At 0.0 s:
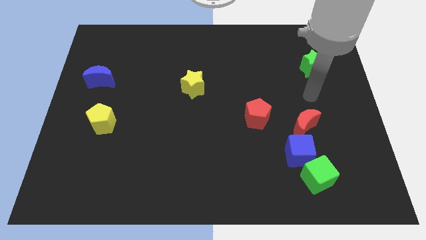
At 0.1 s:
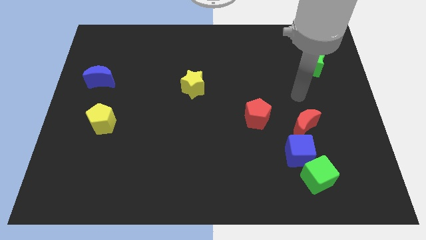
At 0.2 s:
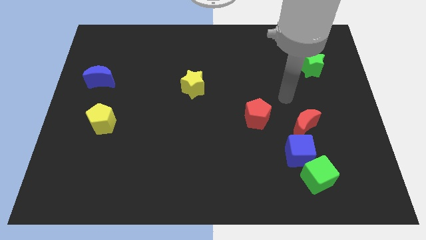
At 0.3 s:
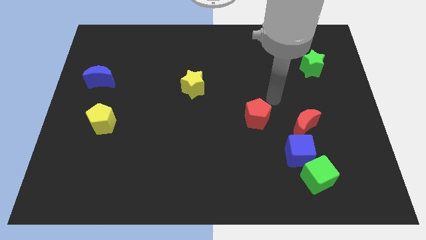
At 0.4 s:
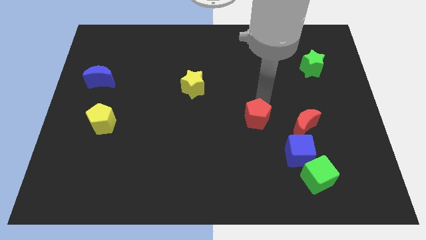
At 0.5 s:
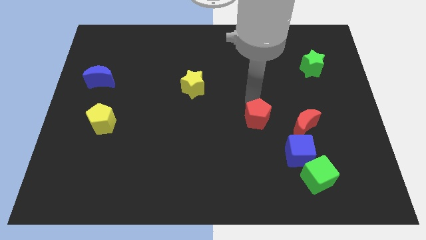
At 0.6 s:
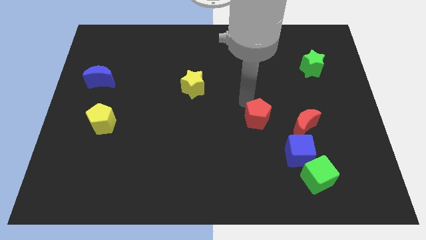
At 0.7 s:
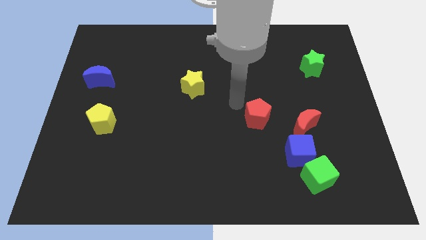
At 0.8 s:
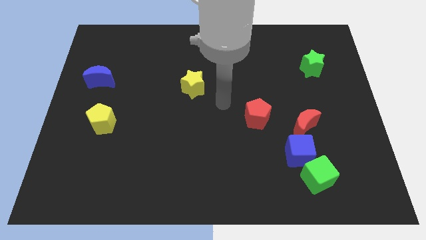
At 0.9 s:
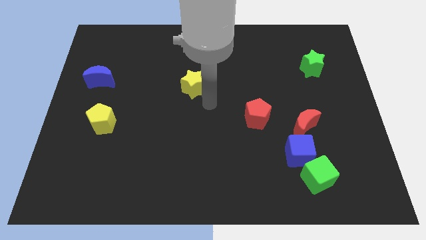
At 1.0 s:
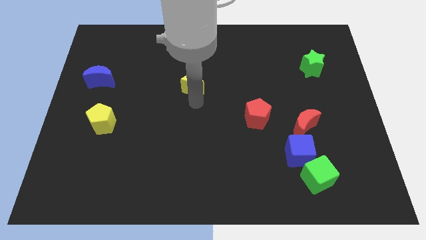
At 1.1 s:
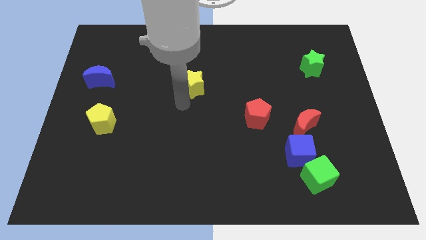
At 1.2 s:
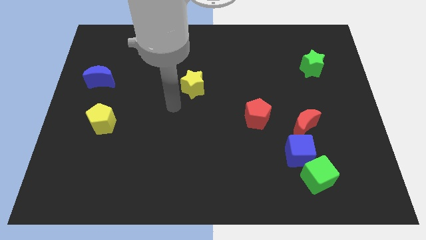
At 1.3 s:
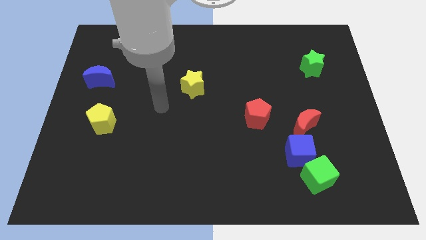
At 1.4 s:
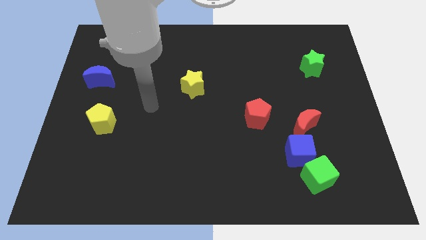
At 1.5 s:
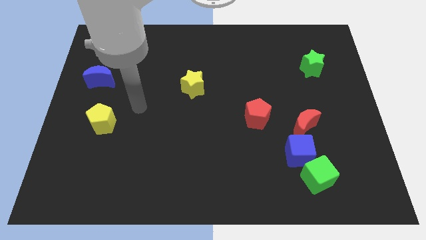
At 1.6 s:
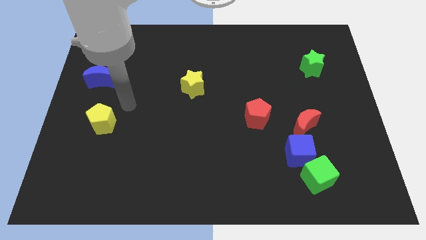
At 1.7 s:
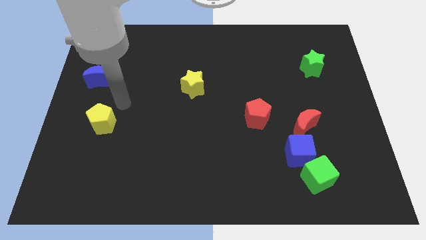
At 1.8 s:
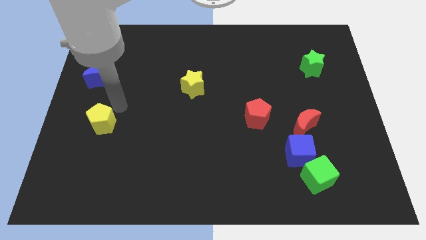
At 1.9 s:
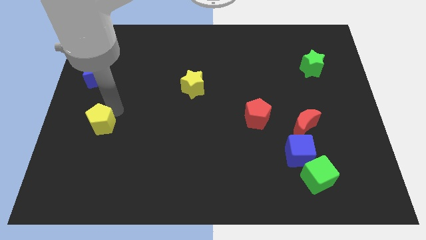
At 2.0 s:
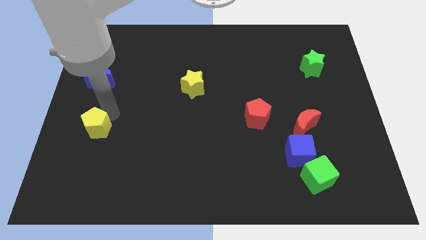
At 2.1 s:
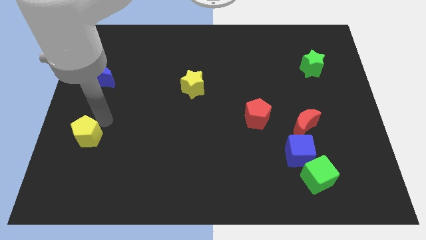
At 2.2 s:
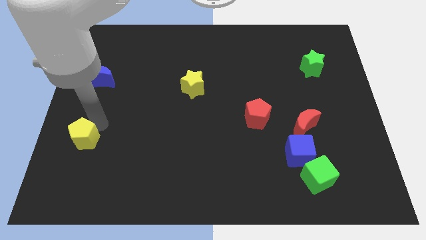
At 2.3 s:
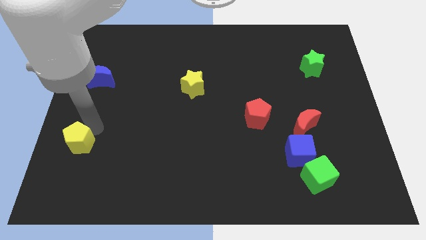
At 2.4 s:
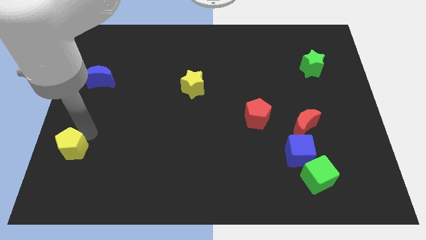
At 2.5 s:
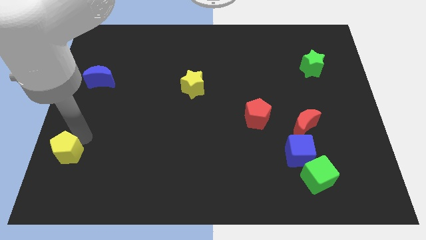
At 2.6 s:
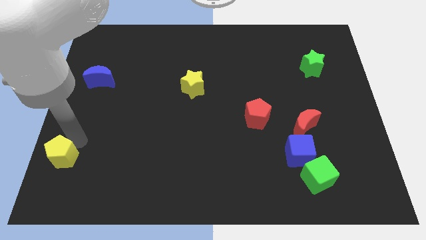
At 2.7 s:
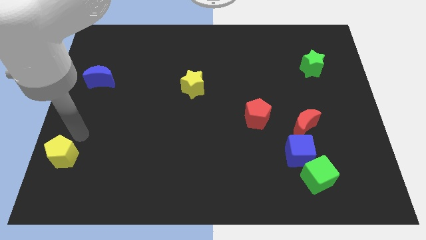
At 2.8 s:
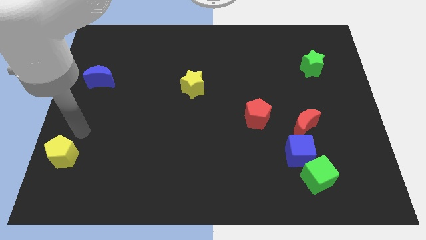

## WORK INSTRUCTION
With the images left out, output all the entries above exactly.

## SOLUTION
At 0.0 s:
At 0.1 s:
At 0.2 s:
At 0.3 s:
At 0.4 s:
At 0.5 s:
At 0.6 s:
At 0.7 s:
At 0.8 s:
At 0.9 s:
At 1.0 s:
At 1.1 s:
At 1.2 s:
At 1.3 s:
At 1.4 s:
At 1.5 s:
At 1.6 s:
At 1.7 s:
At 1.8 s:
At 1.9 s:
At 2.0 s:
At 2.1 s:
At 2.2 s:
At 2.3 s:
At 2.4 s:
At 2.5 s:
At 2.6 s:
At 2.7 s:
At 2.8 s:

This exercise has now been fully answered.